**WHAT IS NEEDED**:
Could you transcribe every entry below exactly, leaving out the pictures?

**SOURCE DATA**:
__________________________________________________

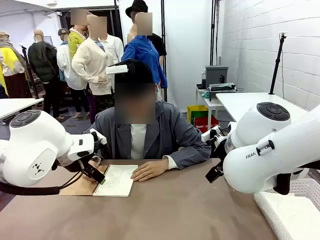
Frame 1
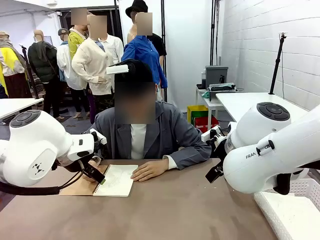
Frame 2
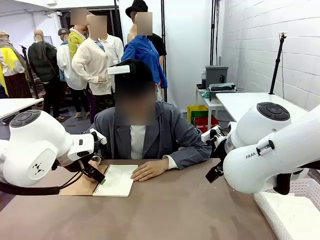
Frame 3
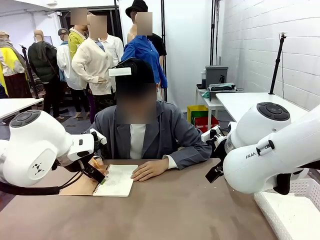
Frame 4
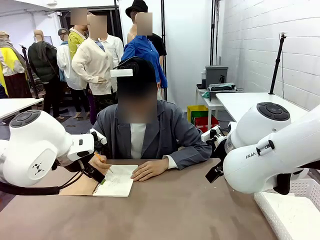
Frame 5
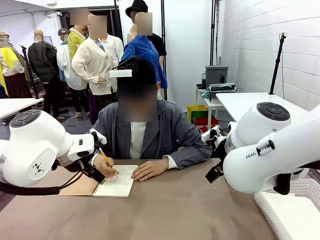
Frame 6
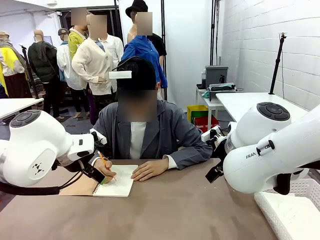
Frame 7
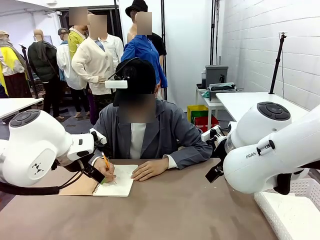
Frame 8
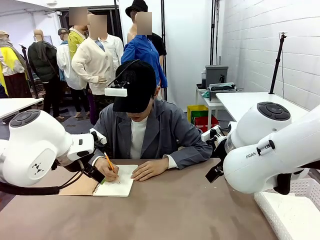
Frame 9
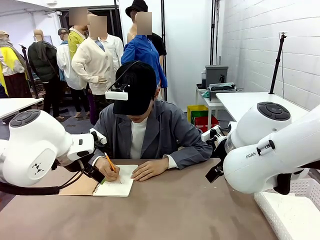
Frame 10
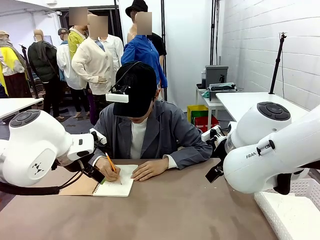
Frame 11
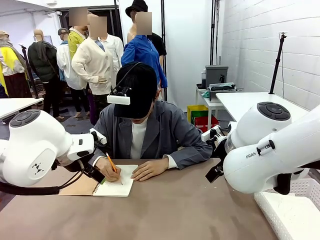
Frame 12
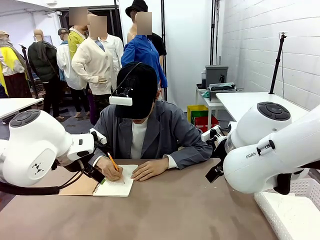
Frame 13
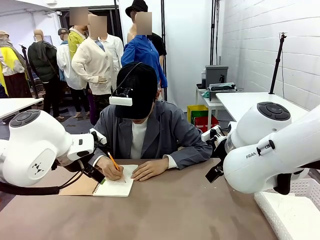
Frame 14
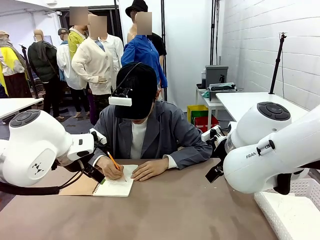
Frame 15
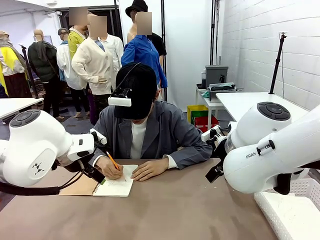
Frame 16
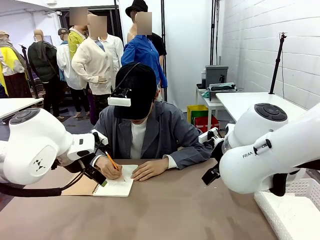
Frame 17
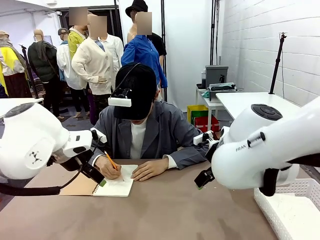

__________________________________________________

**OUTPUT BELOW**:
Frame 1
Frame 2
Frame 3
Frame 4
Frame 5
Frame 6
Frame 7
Frame 8
Frame 9
Frame 10
Frame 11
Frame 12
Frame 13
Frame 14
Frame 15
Frame 16
Frame 17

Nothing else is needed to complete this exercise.